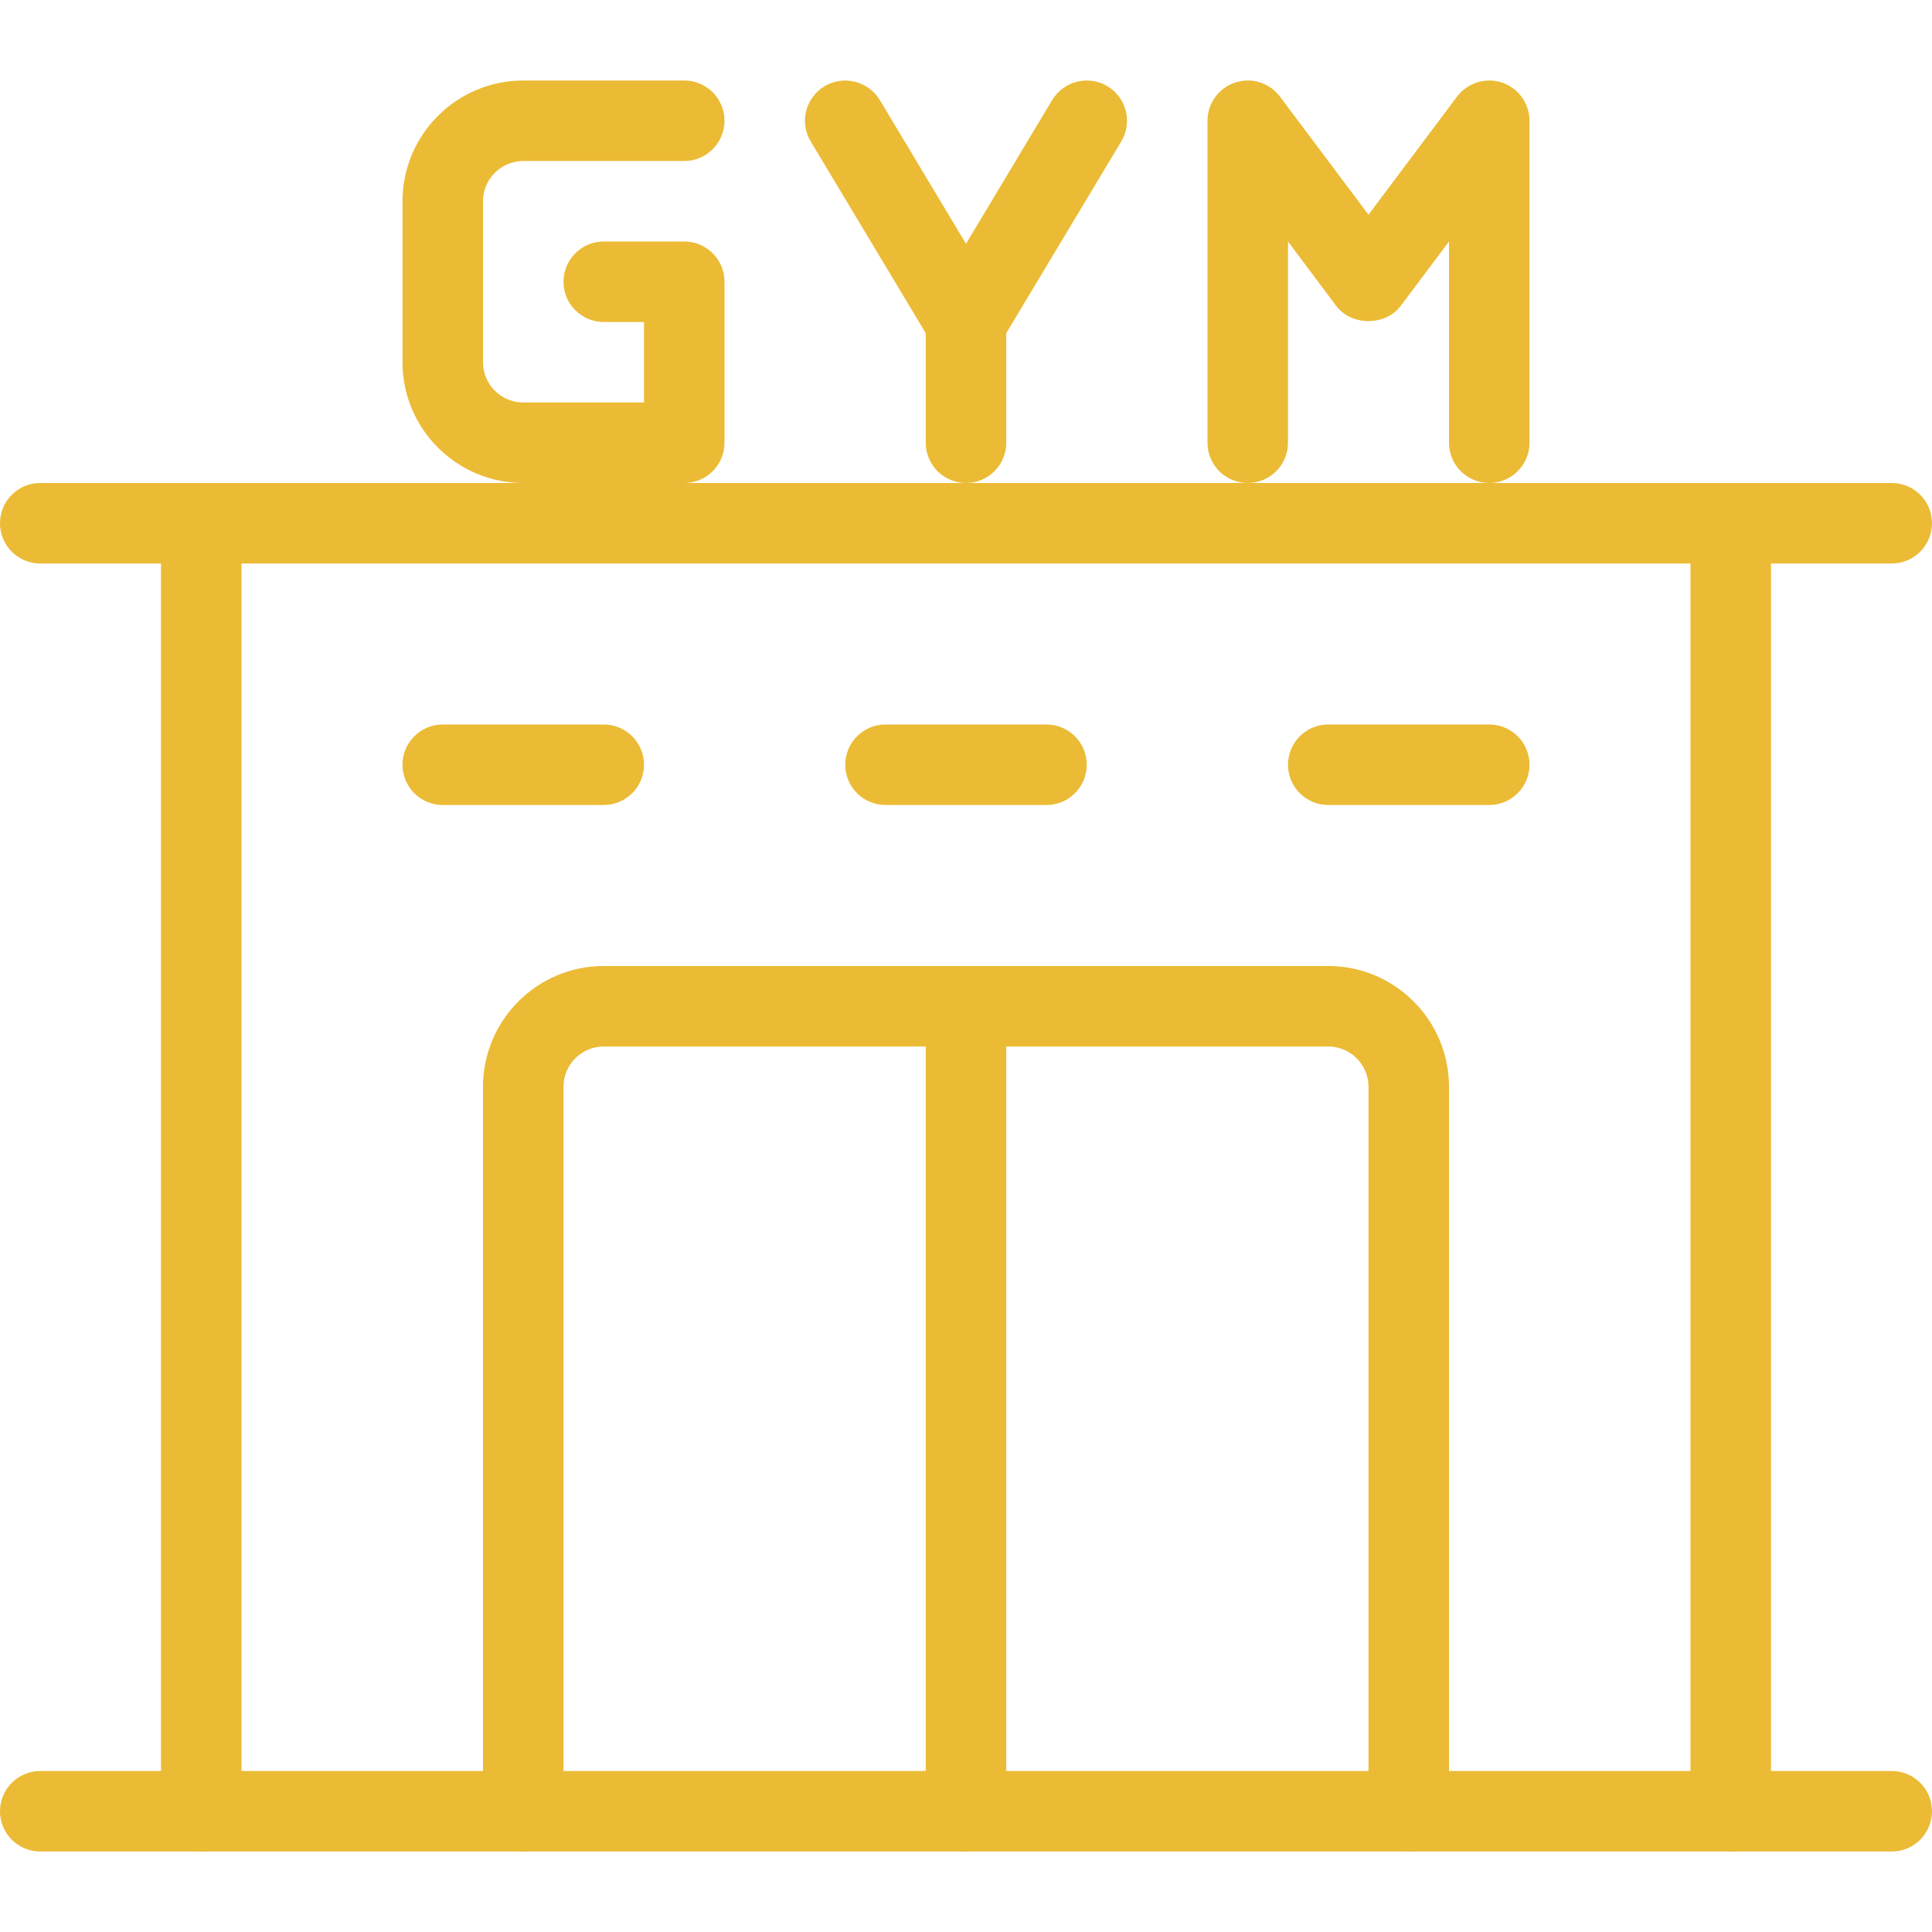 <svg width="90" height="90" viewBox="0 0 90 90" fill="none" xmlns="http://www.w3.org/2000/svg">
<g id="Gymnasium" clip-path="url(#clip0_155_620)">
<path id="Vector" d="M45 16.875C44.34 16.875 43.729 16.53 43.391 15.964L37.766 6.589C37.23 5.7 37.523 4.549 38.411 4.016C39.289 3.491 40.447 3.773 40.984 4.658L45 11.355L49.016 4.658C49.553 3.769 50.708 3.488 51.589 4.016C52.477 4.549 52.766 5.7 52.234 6.589L46.609 15.964C46.271 16.53 45.66 16.875 45 16.875Z" fill="#EBBB35"/>
<path id="Vector_2" d="M45 22.5C43.965 22.5 43.125 21.66 43.125 20.625V15C43.125 13.965 43.965 13.125 45 13.125C46.035 13.125 46.875 13.965 46.875 15V20.625C46.875 21.66 46.035 22.5 45 22.5Z" fill="#EBBB35"/>
<path id="Vector_3" d="M31.875 22.5H24.375C21.274 22.5 18.75 19.976 18.75 16.875V9.375C18.75 6.274 21.274 3.75 24.375 3.75H31.875C32.91 3.75 33.75 4.59 33.75 5.625C33.75 6.66 32.91 7.5 31.875 7.5H24.375C23.344 7.5 22.5 8.34 22.5 9.375V16.875C22.5 17.91 23.344 18.75 24.375 18.75H30V15H28.125C27.09 15 26.25 14.16 26.25 13.125C26.25 12.09 27.09 11.25 28.125 11.25H31.875C32.91 11.25 33.75 12.09 33.75 13.125V20.625C33.75 21.66 32.91 22.5 31.875 22.5Z" fill="#EBBB35"/>
<path id="Vector_4" d="M69.375 22.5C68.34 22.5 67.5 21.66 67.5 20.625V11.25L65.25 14.25C64.541 15.195 62.959 15.195 62.246 14.25L60 11.25V20.625C60 21.66 59.16 22.5 58.125 22.5C57.09 22.5 56.25 21.66 56.25 20.625V5.625C56.25 4.819 56.767 4.102 57.532 3.847C58.294 3.589 59.141 3.855 59.625 4.5L63.75 10.001L67.875 4.5C68.362 3.855 69.21 3.592 69.971 3.847C70.733 4.102 71.25 4.819 71.25 5.625V20.625C71.25 21.66 70.41 22.5 69.375 22.5Z" fill="#EBBB35"/>
<path id="Vector_5" d="M9.375 86.25C8.34 86.25 7.5 85.41 7.5 84.375V24.375C7.5 23.34 8.34 22.5 9.375 22.5C10.41 22.5 11.25 23.34 11.25 24.375V84.375C11.25 85.41 10.41 86.25 9.375 86.25Z" fill="#EBBB35"/>
<path id="Vector_6" d="M80.625 86.25C79.59 86.25 78.75 85.41 78.75 84.375V24.375C78.75 23.34 79.59 22.5 80.625 22.5C81.66 22.5 82.5 23.34 82.5 24.375V84.375C82.5 85.41 81.66 86.25 80.625 86.25Z" fill="#EBBB35"/>
<path id="Vector_7" d="M88.125 86.25H1.875C0.84 86.25 0 85.41 0 84.375C0 83.34 0.84 82.5 1.875 82.5H88.125C89.16 82.5 90 83.34 90 84.375C90 85.41 89.16 86.25 88.125 86.25Z" fill="#EBBB35"/>
<path id="Vector_8" d="M88.125 26.25H1.875C0.84 26.25 0 25.41 0 24.375C0 23.34 0.84 22.5 1.875 22.5H88.125C89.16 22.5 90 23.34 90 24.375C90 25.41 89.16 26.25 88.125 26.25Z" fill="#EBBB35"/>
<path id="Vector_9" d="M48.75 37.5H41.25C40.215 37.5 39.375 36.66 39.375 35.625C39.375 34.59 40.215 33.75 41.25 33.75H48.75C49.785 33.75 50.625 34.59 50.625 35.625C50.625 36.66 49.785 37.5 48.75 37.5Z" fill="#EBBB35"/>
<path id="Vector_10" d="M28.125 37.5H20.625C19.59 37.5 18.75 36.66 18.75 35.625C18.75 34.59 19.59 33.75 20.625 33.75H28.125C29.16 33.75 30 34.59 30 35.625C30 36.66 29.16 37.5 28.125 37.5Z" fill="#EBBB35"/>
<path id="Vector_11" d="M69.375 37.5H61.875C60.84 37.5 60 36.66 60 35.625C60 34.59 60.84 33.75 61.875 33.75H69.375C70.41 33.75 71.25 34.59 71.25 35.625C71.25 36.66 70.41 37.5 69.375 37.5Z" fill="#EBBB35"/>
<path id="Vector_12" d="M65.625 86.25C64.59 86.25 63.75 85.41 63.75 84.375V50.625C63.75 49.59 62.906 48.75 61.875 48.75H28.125C27.094 48.75 26.25 49.59 26.25 50.625V84.375C26.25 85.41 25.41 86.25 24.375 86.25C23.34 86.25 22.5 85.41 22.5 84.375V50.625C22.5 47.524 25.024 45 28.125 45H61.875C64.976 45 67.5 47.524 67.5 50.625V84.375C67.5 85.41 66.66 86.25 65.625 86.25Z" fill="#EBBB35"/>
<path id="Vector_13" d="M45 86.25C43.965 86.25 43.125 85.41 43.125 84.375V46.875C43.125 45.84 43.965 45 45 45C46.035 45 46.875 45.84 46.875 46.875V84.375C46.875 85.41 46.035 86.25 45 86.25Z" fill="#EBBB35"/>
</g>
<defs>
<clipPath id="clip0_155_620">
<rect width="90" height="90" fill="white"/>
</clipPath>
</defs>
</svg>

▶ _Problem description_
Give only the lines from the one holding "86.25C8.34 86.25 7.5" through the one holding "86.25C79.59 86.25 78.75", each restated exactly as it appears above.

▶ _Expected answer_
<path id="Vector_5" d="M9.375 86.25C8.34 86.25 7.5 85.41 7.5 84.375V24.375C7.5 23.34 8.34 22.5 9.375 22.5C10.41 22.5 11.25 23.34 11.25 24.375V84.375C11.25 85.41 10.41 86.25 9.375 86.25Z" fill="#EBBB35"/>
<path id="Vector_6" d="M80.625 86.25C79.59 86.25 78.75 85.41 78.75 84.375V24.375C78.75 23.34 79.59 22.5 80.625 22.5C81.66 22.5 82.5 23.34 82.5 24.375V84.375C82.5 85.41 81.66 86.25 80.625 86.25Z" fill="#EBBB35"/>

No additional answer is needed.